Retention soon could overshadow recruiting as the critical manpower issue from the war in Iraq. The services face the challenge of keeping experienced, well-trained careerists, including mobilized reservists, after so many have seen their lives changed and families disrupted by tours in Southwest Asia. So far, meaningful retention data have been masked by stop-loss orders and the length of current combat assignments.
But no matter how far retention rates might dip, the continued success of the all-volunteer force (AVF) will depend on attracting sufficient numbers of high-quality recruits. That is Gilroy’s area of expertise, and he’s optimistic.
“We entered fiscal 2004 with a very healthy inventory of individuals who have signed a contract and are waiting to ship under the Delayed Entry Program,” said Gilroy.
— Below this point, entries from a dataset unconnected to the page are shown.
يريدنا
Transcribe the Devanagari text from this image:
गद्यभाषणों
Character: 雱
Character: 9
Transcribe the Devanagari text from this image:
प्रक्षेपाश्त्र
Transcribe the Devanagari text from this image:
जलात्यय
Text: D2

The DEP numbers, he said, are “almost at record levels” with all the services having already signed at least half of all the recruits they need through next September.
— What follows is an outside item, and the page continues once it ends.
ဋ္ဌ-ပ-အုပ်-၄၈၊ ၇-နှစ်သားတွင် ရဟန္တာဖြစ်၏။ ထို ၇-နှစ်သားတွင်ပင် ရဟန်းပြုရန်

“This is an interesting phenomenon,” Gilroy said. “The numbers do not bear out what we read in the newspapers [about rising interest in a military draft] and what some of our political candidates are espousing.”
Interviewed Dec. 2 at the Pentagon, Gilroy dismissed any notion that the 30-year volunteer force is under so much strain that a return to conscription is possible or — sillier still in his view — even desirable.
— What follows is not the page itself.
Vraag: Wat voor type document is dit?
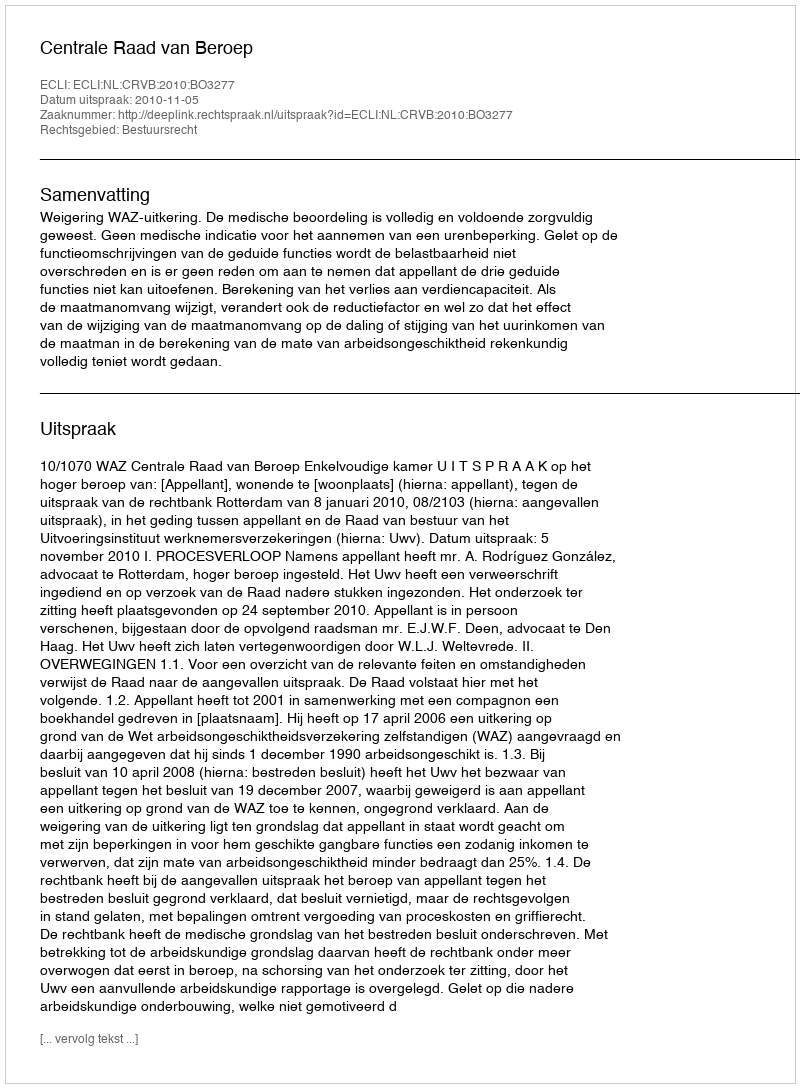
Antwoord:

“It’s the furthest thing from our minds,” said Gilroy, “because our forces are so successful on the battlefield, and in other missions as well. It’s not only a combat-effective force but it’s a cost-efficient force.”
A volunteer military sees far less turnover, which lowers training costs. Personnel are of higher quality than draftees. They also are older, better trained and more satisfied with pay and lifestyle, which means higher morale.
Critics who believe war in Iraq endangers the AVF should recall, Gilroy suggested, that America for the last 15 years of the Cold War fielded a volunteer force that was 50 percent larger and needed 50 percent more recruits than today. It could do so again, with adequate funding.
But recruiting in 2003 was “outstanding,” Gilroy said, and 2004 could be even stronger, assuming no sudden expansion of the civilian job market.
The services use two benchmarks to judge success in signing “quality” volunteers. One is at least 60 percent of recruits scoring average or above on the Armed Forces Qualification Test, which measures mental aptitude. Test scores in Categories I through IIIA fall in that range.
Most other recruits are IIIB, slightly below average. The Navy and Air Force try to avoid signing any Category IV recruits. “Cat IVs” are less than 2 percent of Army recruits and below 1 percent of new Marines.
In fiscal 2003, all active and reserve components, except the Army National Guard, surpassed 60 percent Cat I-IIIA recruits. The Army Guard just hit the 60 percent mark. The Navy said 66 percent of its new sailors scored average or above. The Air Force reported 81 percent. Seventy-three percent of Army recruits scored average or above, the best showing since 1991. The Marine Corps’ 69 percent was its best in nine years.
A second quality benchmark is to have 90 percent high school graduates. A recruit with a diploma is twice as likely as a nongraduate, or holder of a high school equivalency certificate, to complete their enlistment.
Last fiscal year, 99 percent of Air Force recruits, 98 percent of new Marines and 94 percent of new sailors had diplomas. The Army total of 93 percent graduates had an asterisk beside it, for good reason.
Actually, only 87 percent of Army recruits had earned diplomas. Since fiscal 2000, under a pilot program, the Army has accepted many more nongraduates who both passed the General Educational Development (GED) test and scored average or above on the military entrance exam.
“Instead of taking more Cat IVs,” said Gilroy, “we increased our numbers of GEDs.” While Army officials monitor GED washout rates, they are allowed to count these recruits against their qualify benchmark as though they had diplomas. In fact, Gilroy conceded, by accepting 4,000 GEDs, “the Army is falling below our 90 percent benchmark” for high school graduates.
The Army began taking far more GED recruits while recovering from mid-1990s decisions by the Clinton administration and Congress to dampen recruiting budgets even as the civilian job market boomed. The other services suffered too, but their recruiting programs have bounced back faster.
The Defense Department this year will spend $2.6 billion on recruiting, nearly double the $1.4 billion spent in 1996, which began a string of lean recruiting years. The military now has 14,500 recruiters, up 1,800 from ’96.
Both the budget and the recruiting force will have to grow more, Gilroy said, if the current unemployment rate of six percent begins to fall.
The lesson of the ’90s, he suggested, is that tight budgets and ignored warnings can do more damage to a volunteer force than a few small wars.